Canada Must Seize LNG Opportunities In Asian Market

December 11, 2020

BRITISH COLUMBIA – There’s a dearth of sensible analysis when it comes to reasonable ways to decrease carbon emissions.

Some point fingers at Canada’s oil sands, or oil and gas more generally. They imagine if that industry disappeared, somehow carbon emissions would magically evaporate as well.

The reality is that Canada’s greenhouse gas emissions are 1.6 per cent of the total world emissions (with the oil and gas sector’s emissions at 0.3 per cent and the oil sands at 0.1 per cent included in that 1.6 per cent).

Moreover, Canada’s greenhouse gas emissions intensity has fallen by 30 per cent since 2000. Between 2000 and 2018, greenhouse gas (GHG) emissions intensity in Canada fell from 0.5 megatonnes of carbon dioxide equivalent per $1 billion of gross domestic product to 0.35 megatonnes per $1 billion of GDP.

Mark Milke

Also, oil sands emissions intensity has been falling.

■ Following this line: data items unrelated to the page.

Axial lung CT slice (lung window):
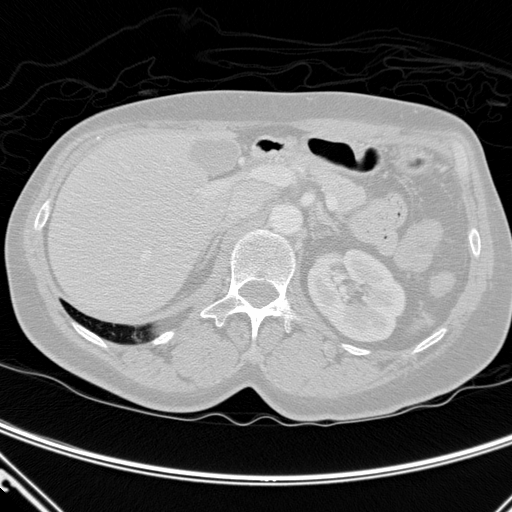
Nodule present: no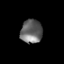
Tissue: prostate
Cell type: Epithelial cells
Senescence score: 0.3509
Nuclear area (px): 501
Mean DAPI intensity: 105.97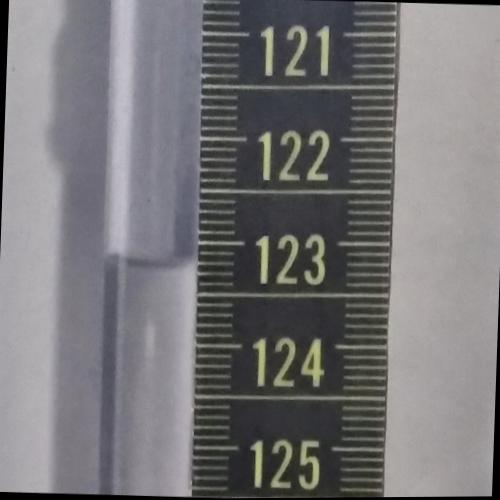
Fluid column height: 123.2 cm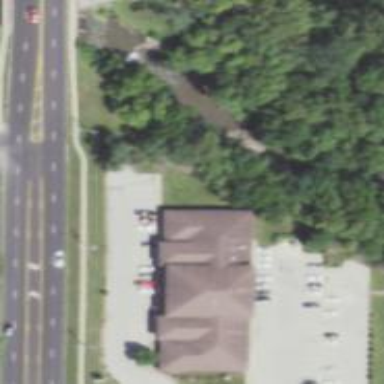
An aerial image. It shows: Veterinary facility.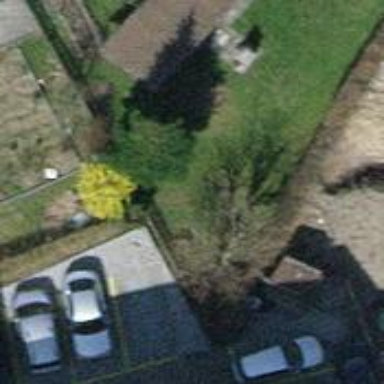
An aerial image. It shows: Broadleaved tree with lush leaves.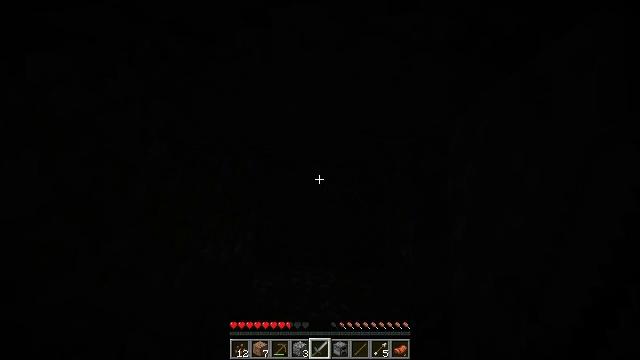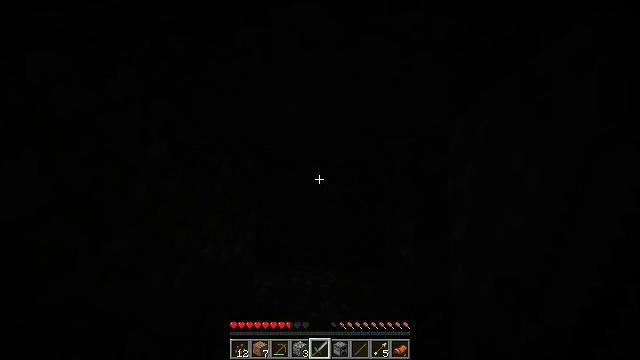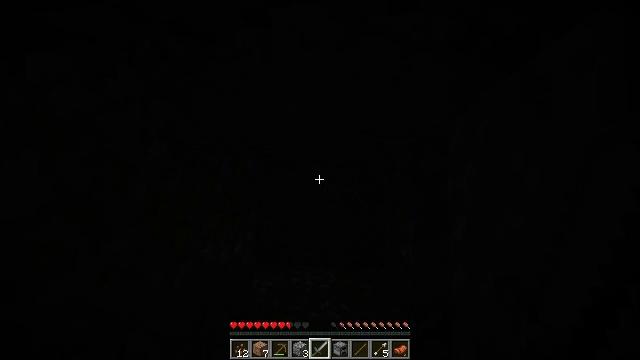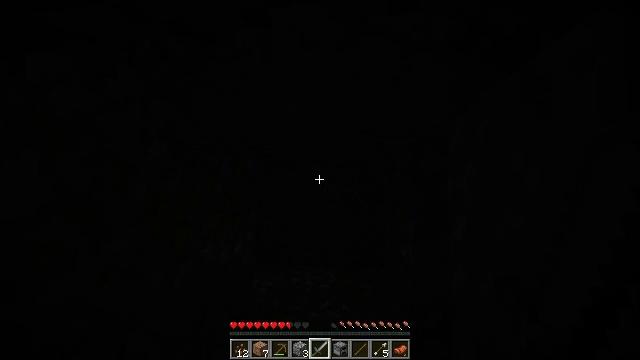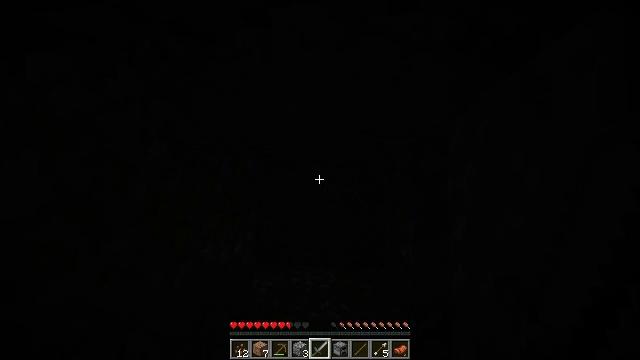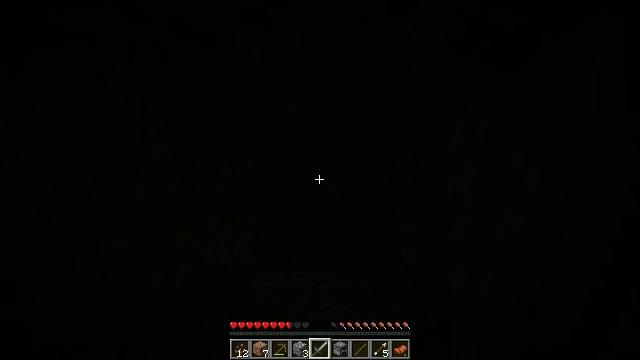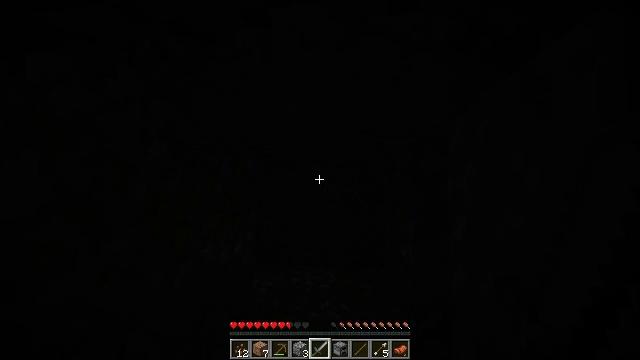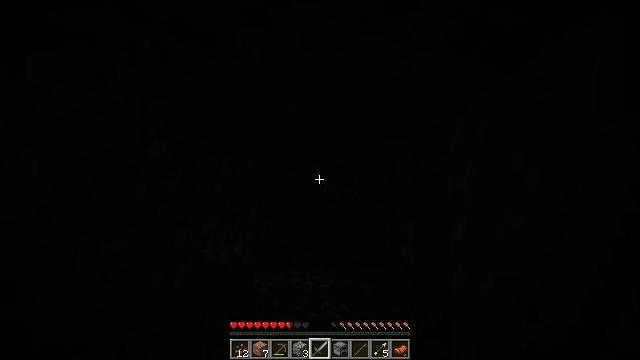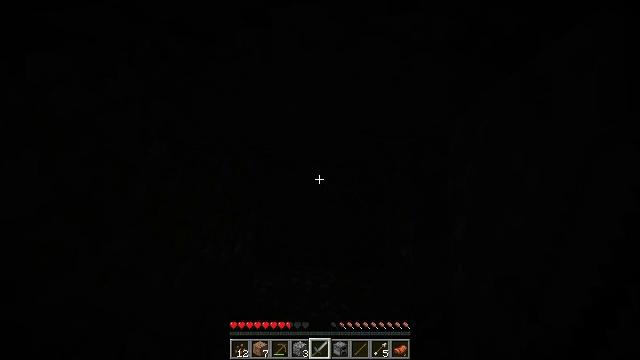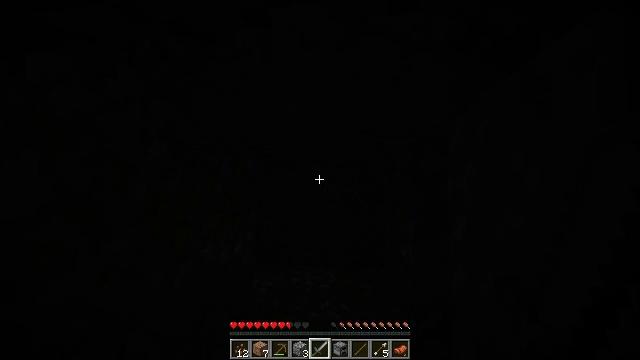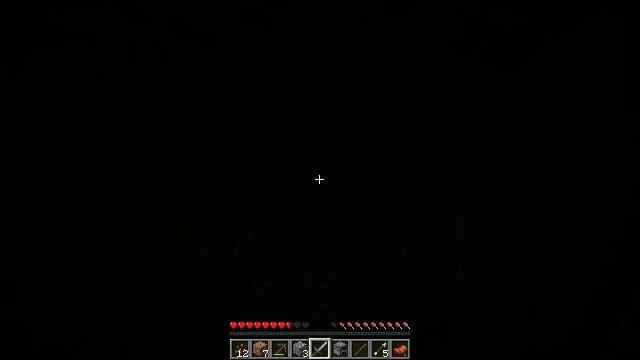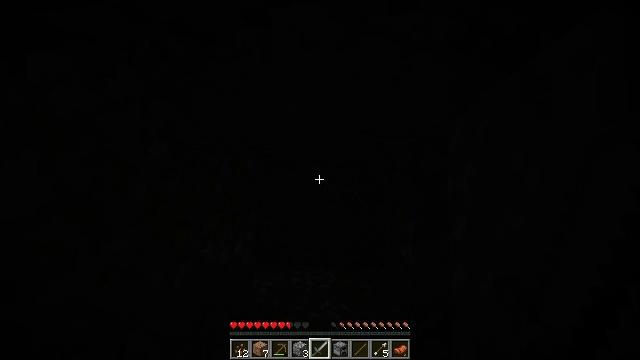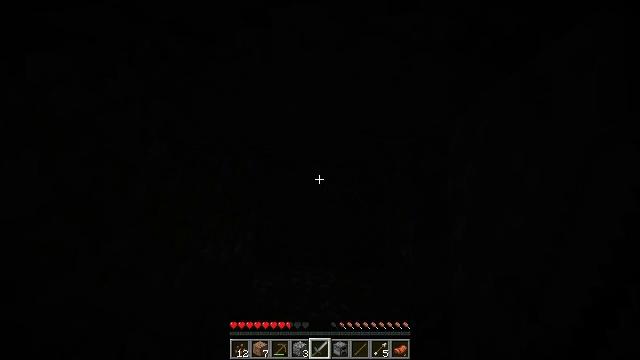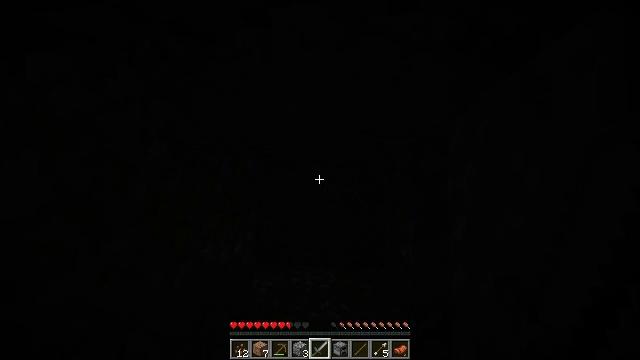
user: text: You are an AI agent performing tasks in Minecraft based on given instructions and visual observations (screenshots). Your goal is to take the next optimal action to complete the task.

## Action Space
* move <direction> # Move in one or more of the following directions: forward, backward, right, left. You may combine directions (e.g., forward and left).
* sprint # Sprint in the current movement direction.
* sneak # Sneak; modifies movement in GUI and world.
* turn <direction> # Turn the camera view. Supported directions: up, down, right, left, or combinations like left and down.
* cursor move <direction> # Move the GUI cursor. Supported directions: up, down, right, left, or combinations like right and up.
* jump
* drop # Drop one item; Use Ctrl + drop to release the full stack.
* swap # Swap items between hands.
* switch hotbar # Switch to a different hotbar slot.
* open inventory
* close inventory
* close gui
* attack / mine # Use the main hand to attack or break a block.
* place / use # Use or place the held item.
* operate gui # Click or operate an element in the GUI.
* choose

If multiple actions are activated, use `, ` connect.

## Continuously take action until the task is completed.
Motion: motion action
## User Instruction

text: Gather vines from trees or structures.
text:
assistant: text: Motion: no_op
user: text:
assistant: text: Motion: no_op
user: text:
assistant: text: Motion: no_op
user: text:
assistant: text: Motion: no_op
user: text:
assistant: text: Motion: no_op
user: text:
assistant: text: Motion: no_op
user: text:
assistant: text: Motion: no_op
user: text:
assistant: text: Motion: no_op
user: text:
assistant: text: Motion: no_op
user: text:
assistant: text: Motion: no_op
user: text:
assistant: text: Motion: no_op
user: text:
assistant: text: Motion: no_op
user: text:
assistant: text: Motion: no_op
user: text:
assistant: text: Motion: no_op
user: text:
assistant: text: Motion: no_op
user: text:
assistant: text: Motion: no_op
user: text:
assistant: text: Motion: no_op
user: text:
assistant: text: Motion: no_op
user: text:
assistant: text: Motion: no_op
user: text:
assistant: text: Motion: no_op
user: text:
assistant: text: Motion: no_op
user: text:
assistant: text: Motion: no_op
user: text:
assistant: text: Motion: no_op
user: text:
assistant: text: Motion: no_op
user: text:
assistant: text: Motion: no_op
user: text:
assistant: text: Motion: no_op
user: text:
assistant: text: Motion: no_op
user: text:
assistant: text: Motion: no_op
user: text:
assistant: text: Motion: no_op
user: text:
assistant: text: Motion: no_op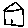
Label: house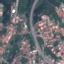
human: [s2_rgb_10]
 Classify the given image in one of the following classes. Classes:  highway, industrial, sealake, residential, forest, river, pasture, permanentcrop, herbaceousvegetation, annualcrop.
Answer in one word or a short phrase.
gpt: Highway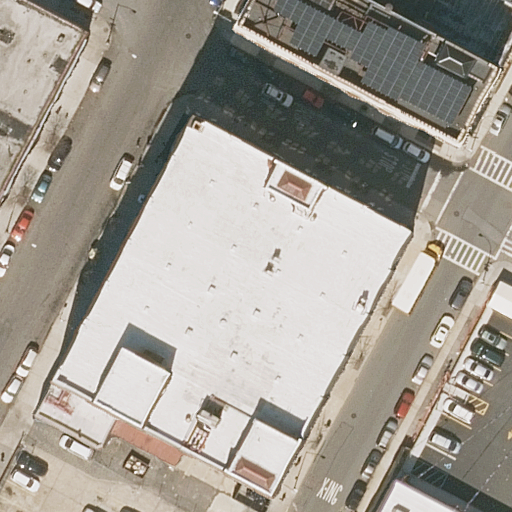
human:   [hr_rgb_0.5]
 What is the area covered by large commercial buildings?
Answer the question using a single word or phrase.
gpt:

Between 2011 and 2018, oil sands emissions intensity fell from 0.086 tonnes of carbon dioxide equivalent per barrel to 0.067 tonnes, a decline of about 22 per cent.

That progress on reducing carbon emissions is about to be wiped away by the dramatic increase in coal-fired electricity plants being built worldwide.

As of 2020, 350 coal-fired power plants are under construction. They include seven in South Korea, 13 in Japan, 52 in India and 184 in China, with the rest in other parts of the world. China is also building and financing hundreds of coal-fired power plants in countries such as Turkey, Vietnam, Indonesia, Philippines, Egypt and Bangladesh.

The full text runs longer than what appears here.